ところが、3年が過ぎても、同事業の業績は目標値を大きく下回ったままだった。利益率がわずかに改善したとはいえ、資本コストは目標値にはほど遠かった。アフター・サービス部門と金融事業部門とも売上高と利益は目標値に達せず、コスト・ポジションも競合他社より劣っていた。
このメーカーは先頃、半日かけて戦略と業績を検討した。その会議の席上、ヨーロッパ事業の責任者は一貫して戦略の続行を主張した。「すべての戦略がいまだ実行中です。戦略自体は正しいものです。ただ、それが業績につながらないだけです。より熱心に、より賢明にこの戦略を続けるべきです」
しかし、CEOは迷っていた。業績低迷の原因は、戦略を実践できていないことではなく、戦略そのものにあるのではないか。ヨーロッパ事業の業績改善は最優先課題だが、責任者が訴えるように、このまま努力を傾けるべきなのか、それとも他の戦略を検討したほうがよいのか。実践方法に問題があるのなら、どうすれば改善できるのか。あるいは事業を売却して、損失を処理すべきなのか──CEOは釈然としないまま、結論を保留して会議を後にした。
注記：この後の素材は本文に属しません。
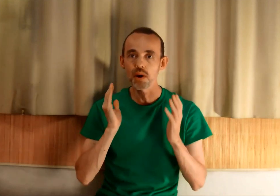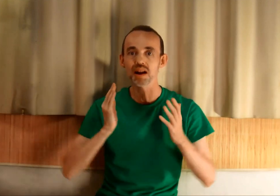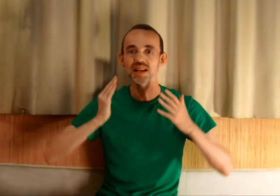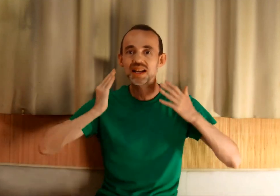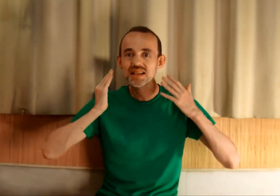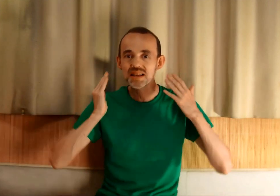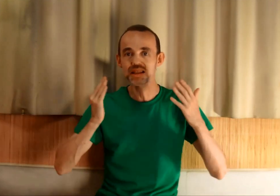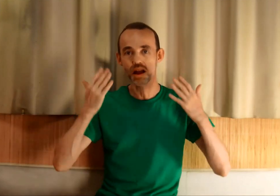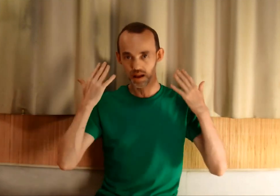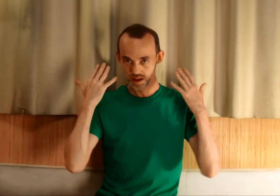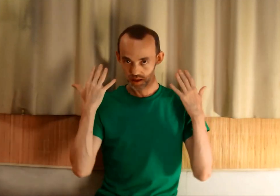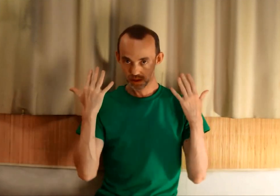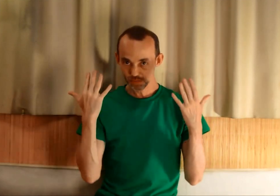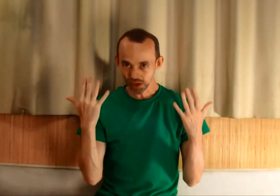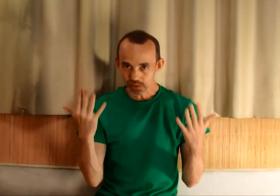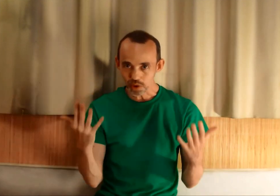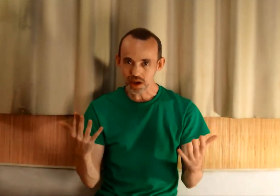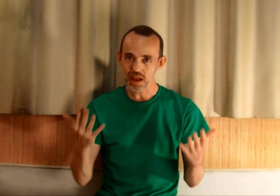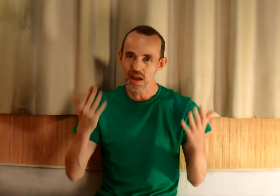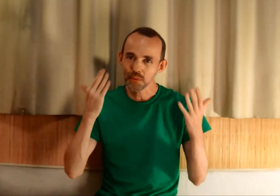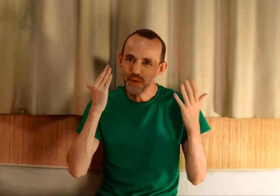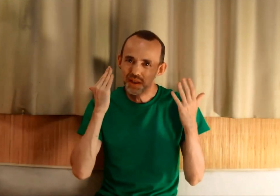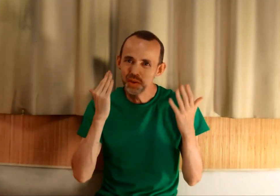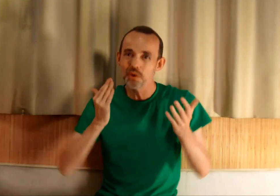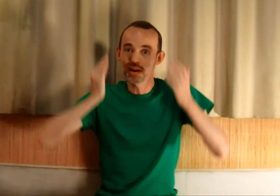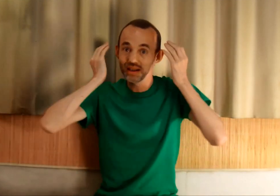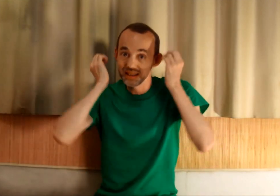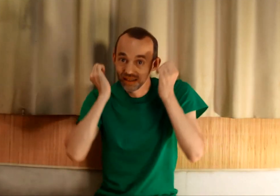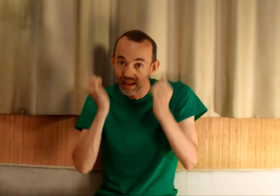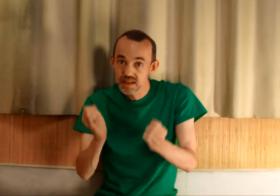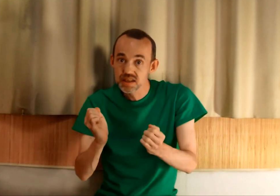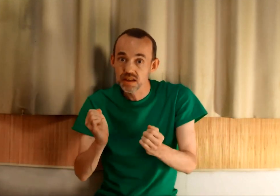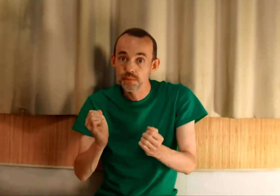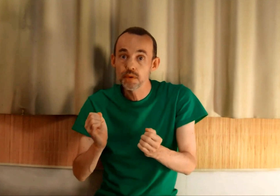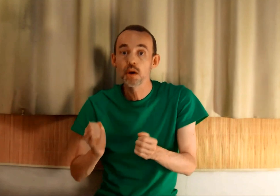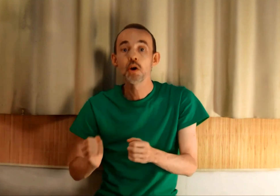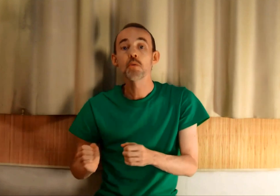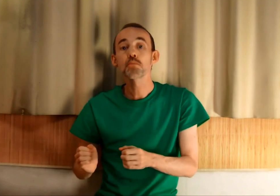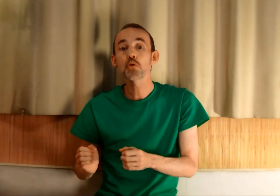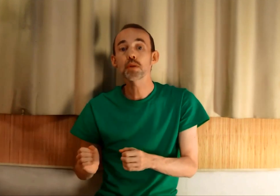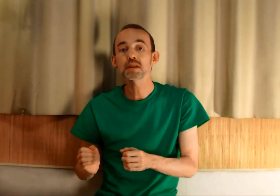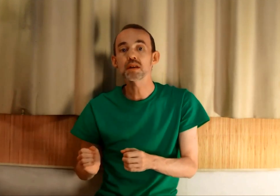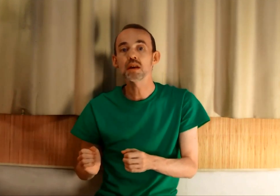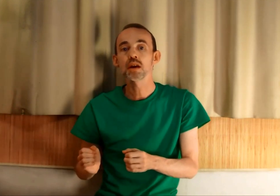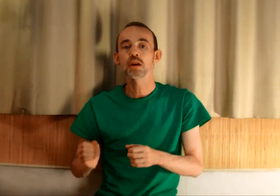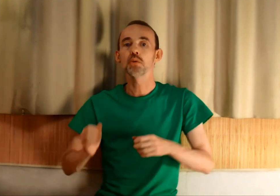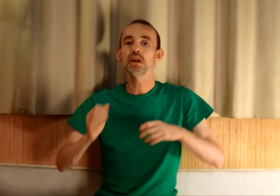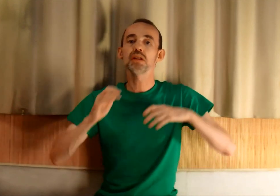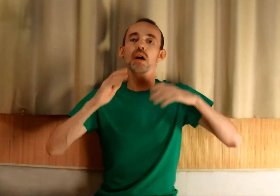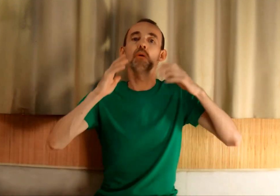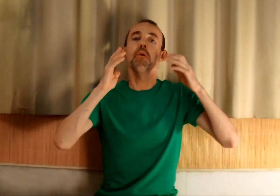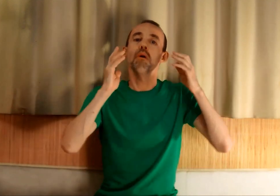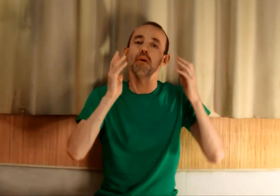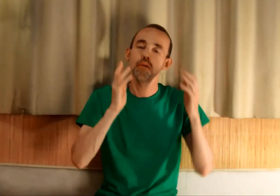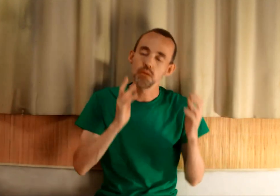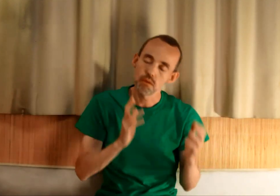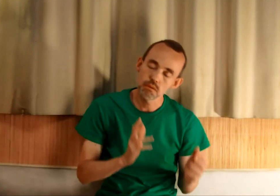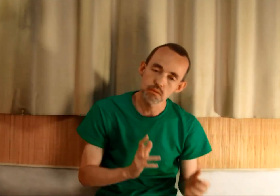voir qu'il existe un facteur clé, un facteur décisif pour passer de l'état de non
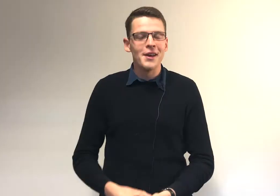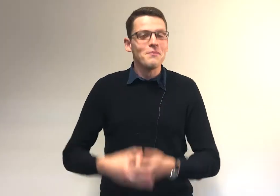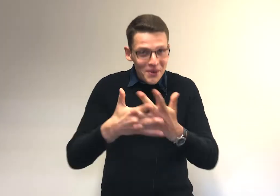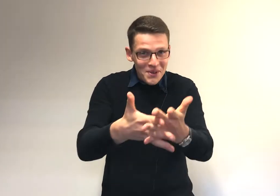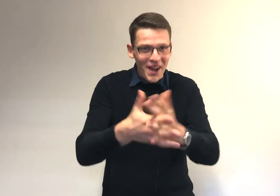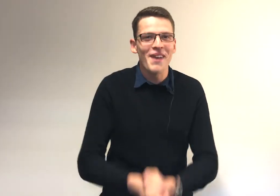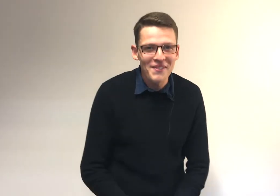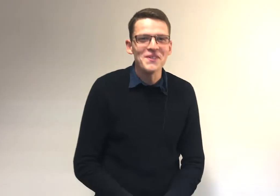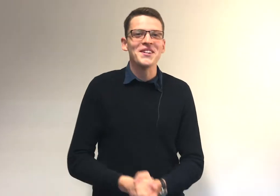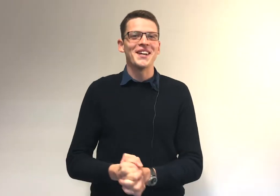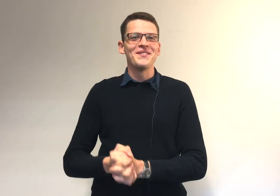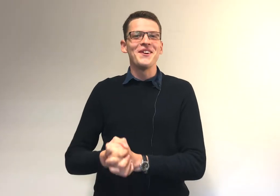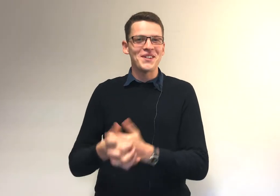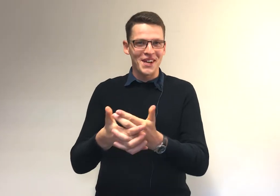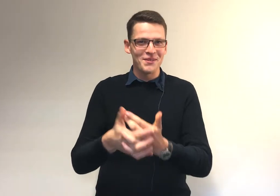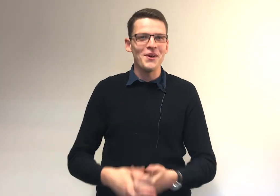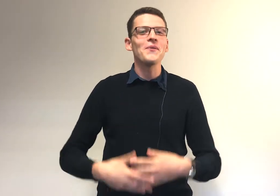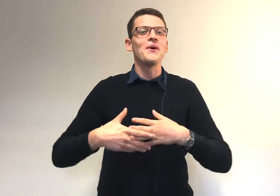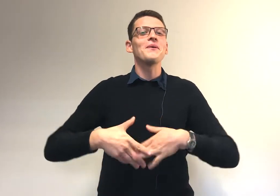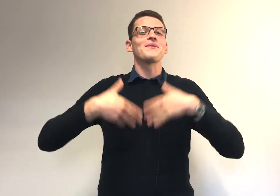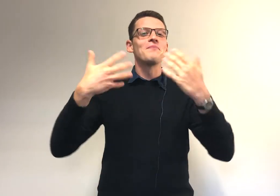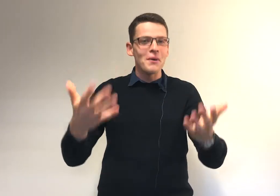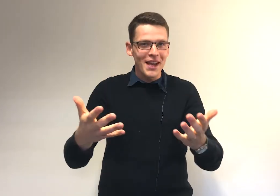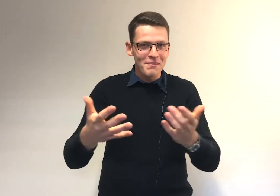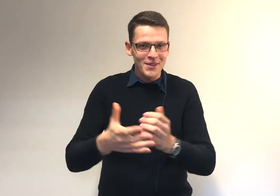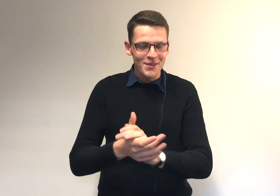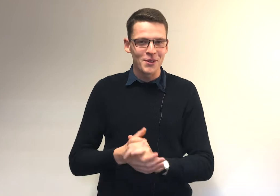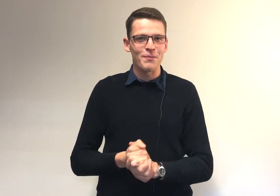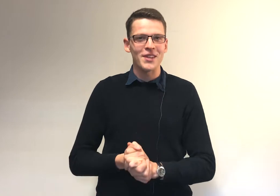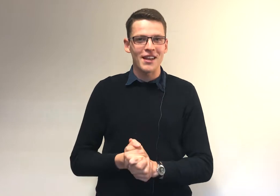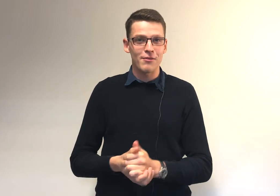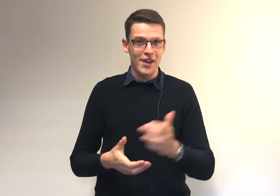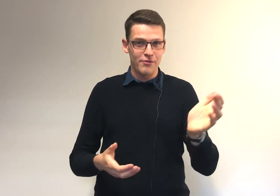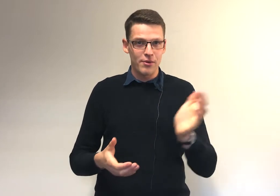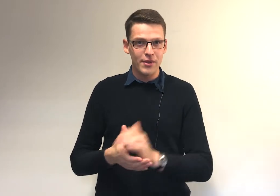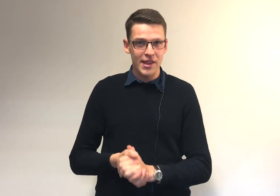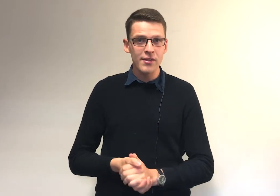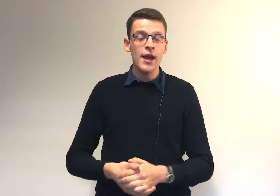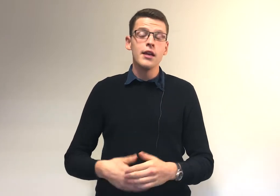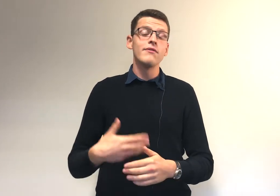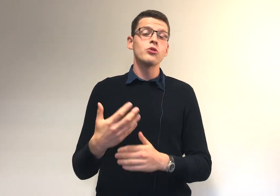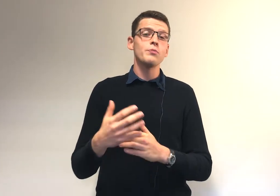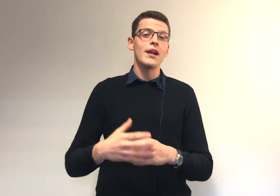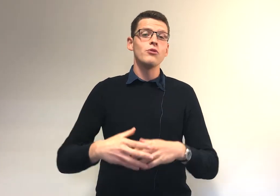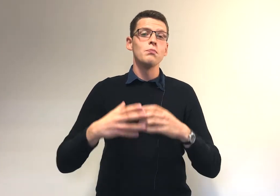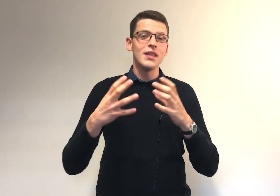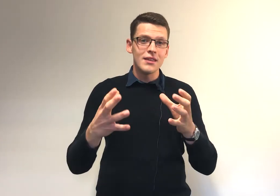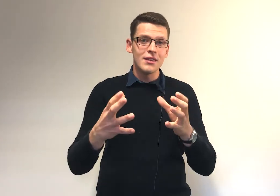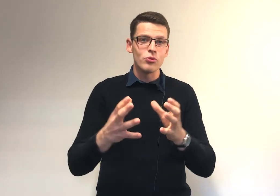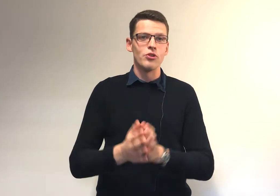Bonjour et bienvenue chers étudiants, chers étudiants, dans ce premier épisode de notre podcast FIAL4Success qui va aujourd'hui parler du métier d'étudiant.

既存の戦略を続けたところで、業績が回復するのか、まったく自信がなかった。
たいていのCEOの方々が、これと似たような経験をお持ちのことだろう。多くの企業が膨大な時間とエネルギーをかけて戦略を立案するが、その努力が報われるだけの成果を実現している企業は少ない。我々の調査でも、戦略ならびに予想業績の達成度は平均63%にすぎない。
しかも、たいてい予想業績と実績が一致しない原因を正しく把握できていないため、間違ったレバーを引いてしまう。戦略の転換なくして業績は改善しえない状況にあって同じ戦略を続行したり、逆に全社一丸となって戦略を遂行すべき時に戦略を変更したりする。これでは、エネルギーと時間を浪費した挙げ句、業績は低迷していく。
ところが、我々の調査によれば、高業績企業は戦略と業績のギャップを見事に埋めていた。たとえば、バークレーズ・キャピタル、シスコシステムズ、ダウ・ケミカル、3M、ロシュなどである。これらの企業は市場動向を正確に把握し、現実的な計画を実行する。要するに、計画立案と実践のプロセスさえ整備できれば、実績が予想を下回るリスクを確実に低減させられるのである。
業績が予想を下回れば、すぐさま原因を特定して対策を講じる。そのプロセスは、独自の計画立案手法、全社的なプロセス管理による資源配分など、さまざまな手順を要する。我々の経験から言えば、これらが戦略の立案と業績の達成に抜群の効果を発揮する。